Początkowo nie było obowiązku grania w ochraniaczach (nigdy nie lubiłem w nich grać, dlatego dziś moje nogi, a zwłaszcza golenie przypominają tarę do prania – kto dziś jeszcze pamięta, co to było!?). Zapobiegliwi, szczególnie mający jakieś kontakty na Zachodzie zaopatrywali się i grali w ochraniaczach z tworzywa sztucznego. Dla reszty pozostawał wyrób krajowy, czyli materiał z wszytymi w specjalne kieszonki płaskimi deseczkami (dlatego popularne było pytanie: „czy grasz dziś w dechach?”). Ciężkie to było i niewygodne, nie bardzo chciało mieścić się w getrach, dlatego z bólem przyjąłem obowiązek grania w ochraniaczach. Na szczęście nie był to zbyt długi okres, bo coraz częściej zaczęły się pojawiać mniej lub bardziej udane wyroby z tworzywa sztucznego.

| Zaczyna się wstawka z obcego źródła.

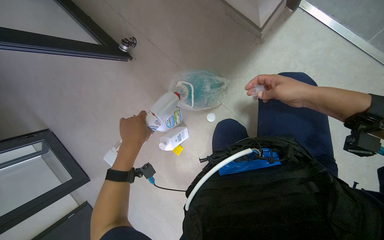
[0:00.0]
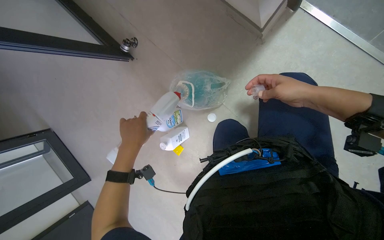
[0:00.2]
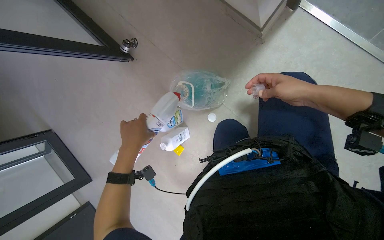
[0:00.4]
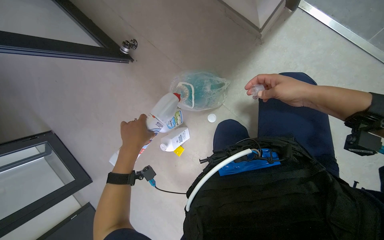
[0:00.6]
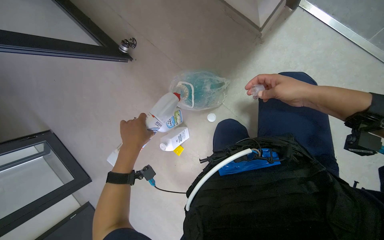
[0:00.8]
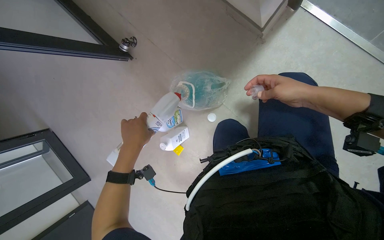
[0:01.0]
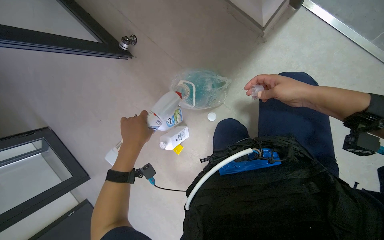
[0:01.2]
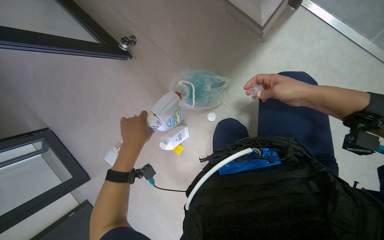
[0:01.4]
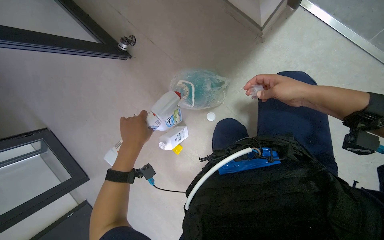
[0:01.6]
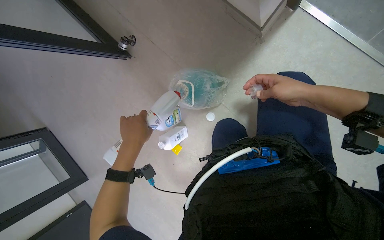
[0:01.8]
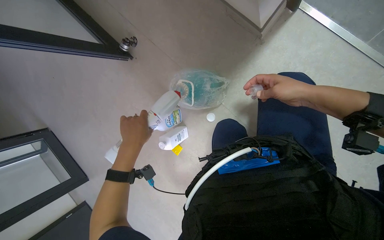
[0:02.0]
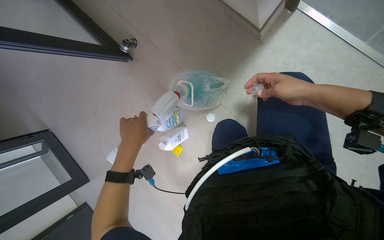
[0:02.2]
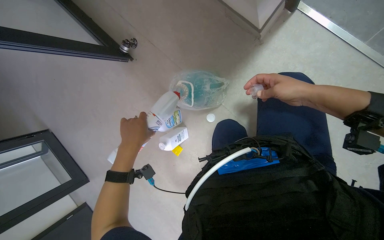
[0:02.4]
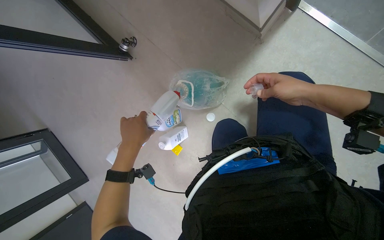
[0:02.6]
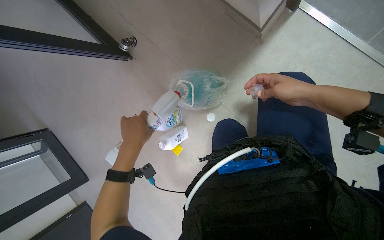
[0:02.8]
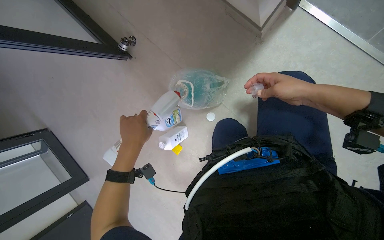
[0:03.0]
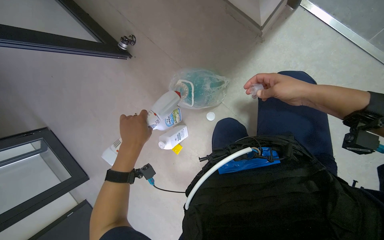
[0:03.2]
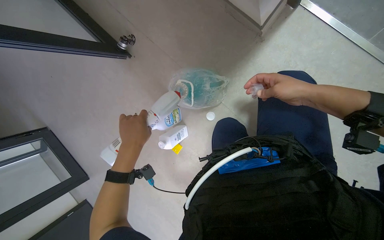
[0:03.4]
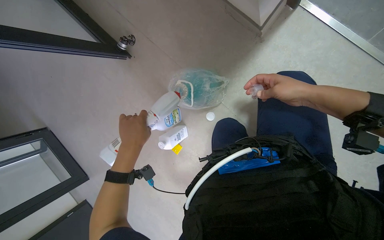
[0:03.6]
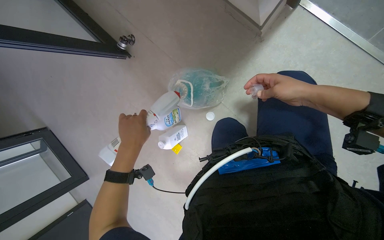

Najważniejsze jednak dla zawodnika są buty! Ponieważ był to towar drogi i deficytowy na treningi ubierało się korkotrampki (taka nazwa!). Ze względu na nawierzchnię naszych boisk treningowych (najpierw żwir czerwony, a potem czarny) wytrzymywały co najwyżej parę miesięcy. A oprócz tego nijak się miały do butów, w których grywało się mecze (choć zdarzały się spotkania, w których ze względu na pogodę i stan nawierzchni „placu boju” były najlepszym wyjściem z sytuacji). Ewolucja obuwia meczowego na szczęście przebiegała dość szybko. Popularne „Fabosy” służyły nam dość długo. Ciężkie, niewygodne, ale i tak o niebo lepsze od poprzedników, których nazwy nie pomnę. Miały już wkręcane kołki z tworzywa sztucznego (do ich poprzedników trzeba było wycinać ze skóry kółka o różnej średnicy, łączyć je ze sobą i przybijać do podeszwy!). Gdy dopuszczono do gry w metalowych kołkach, pamiętam niektórych kolegów z pilnikiem w ręku pieczołowicie ostrzących końcówki aluminiowych kołków. Teoretycznie pomagało to w utrzymaniu równowagi na śliskiej nawierzchni, ale jednocześnie było ogromnie niebezpieczne w kontakcie z przeciwnikiem. Widziałem niejedną rozoraną nogę po kontakcie z takim butem!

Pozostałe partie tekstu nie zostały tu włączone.